Key elements of preparedness
International business practices have been revolutionized since the 90s. However, the basic skeleton of foreign investment remains the same. In general terms, investors need legal assurances (to be able to recover their investment, to be able to access impartial justice, to have clear investment rules, to be able to have the same opportunities given to local investors, etc.). They also need well-regulated access to global finance. For implementation, they require integrated project work teams, with steering committees which understand the macro issues but are also kept aware of positive and negative trends that may impact the projects (such as political fluctuations in Venezuela or abroad, or the revision of regulatory or legislative issues, for instance, regarding currency exchange controls, labor regulations or tax implications). Specific issues which are still relevant are, among others, the structuring of the financial guarantees (with special emphasis on real estate). In the Hamaca project financing, the loans were guaranteed with a security trust which was the first of its kind in Venezuela in the oil sector, and which was modelled on the security structure of the Sidor financing (USD 1,800 million), with the first security trust implemented in Venezuela. In both cases, even though the projects were nationalized, the loans were completely paid, and the security trust proved to be a flexible, efficient tool, which continued to be used in other projects. Another key element is the law and jurisdiction provisions of the Venezuelan project contracts, and the use of arbitration for dispute resolutions, as well as other procedural issues.

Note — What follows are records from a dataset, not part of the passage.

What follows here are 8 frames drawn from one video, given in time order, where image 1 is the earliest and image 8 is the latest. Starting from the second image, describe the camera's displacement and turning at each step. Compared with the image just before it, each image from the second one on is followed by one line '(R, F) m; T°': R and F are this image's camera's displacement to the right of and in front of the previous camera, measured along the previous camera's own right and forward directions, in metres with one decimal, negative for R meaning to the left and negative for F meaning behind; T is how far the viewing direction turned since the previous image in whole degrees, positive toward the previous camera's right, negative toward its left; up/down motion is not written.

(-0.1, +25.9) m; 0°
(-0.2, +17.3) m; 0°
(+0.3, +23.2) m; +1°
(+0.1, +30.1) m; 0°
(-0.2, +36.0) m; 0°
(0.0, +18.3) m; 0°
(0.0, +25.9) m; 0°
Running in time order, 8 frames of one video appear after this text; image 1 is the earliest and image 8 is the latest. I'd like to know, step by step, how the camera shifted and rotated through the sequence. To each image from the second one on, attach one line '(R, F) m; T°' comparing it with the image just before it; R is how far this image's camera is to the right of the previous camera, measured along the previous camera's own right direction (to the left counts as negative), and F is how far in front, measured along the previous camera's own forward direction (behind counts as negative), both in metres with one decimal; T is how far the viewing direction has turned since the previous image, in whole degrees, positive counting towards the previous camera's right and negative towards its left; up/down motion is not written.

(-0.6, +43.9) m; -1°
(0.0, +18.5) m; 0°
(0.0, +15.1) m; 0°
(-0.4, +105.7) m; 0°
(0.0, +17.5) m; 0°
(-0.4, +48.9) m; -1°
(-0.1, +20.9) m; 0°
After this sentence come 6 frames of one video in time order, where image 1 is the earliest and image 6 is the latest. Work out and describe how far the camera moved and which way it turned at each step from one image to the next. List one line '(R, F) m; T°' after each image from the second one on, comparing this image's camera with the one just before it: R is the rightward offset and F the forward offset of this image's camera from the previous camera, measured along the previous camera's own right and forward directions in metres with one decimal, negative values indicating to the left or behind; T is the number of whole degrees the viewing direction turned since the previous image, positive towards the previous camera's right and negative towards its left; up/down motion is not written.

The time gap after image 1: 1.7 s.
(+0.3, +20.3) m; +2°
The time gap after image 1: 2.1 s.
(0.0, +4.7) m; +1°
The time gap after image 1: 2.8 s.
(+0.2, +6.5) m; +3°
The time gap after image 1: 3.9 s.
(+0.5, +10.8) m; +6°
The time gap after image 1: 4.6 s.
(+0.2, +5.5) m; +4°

The success of foreign investment, whether it is backed by the legal assurances mentioned above o whether it is made in a more exacting environment, probably depends on the initial structuring of the project. That is, the primary documentary bases that are established at the beginning of the project must be flexible (to cover the different scenarios) and, simultaneously, durable over time. Therefore, the selection and integration of knowledgeable project advisers is essential. Local teams, with experience in international transactions, conversant with financial aspects, and well-informed with regard to the legal and economic environment are probably the most important factors in the success of an investment.
In Venezuela, private equity firms, experienced law firms, financial advisors and organizations such as Venecapital have a clear view of the current situation, of the opportunities which are accessible now and of those which shall rise in the near or medium term future, and how best to take advantage of them.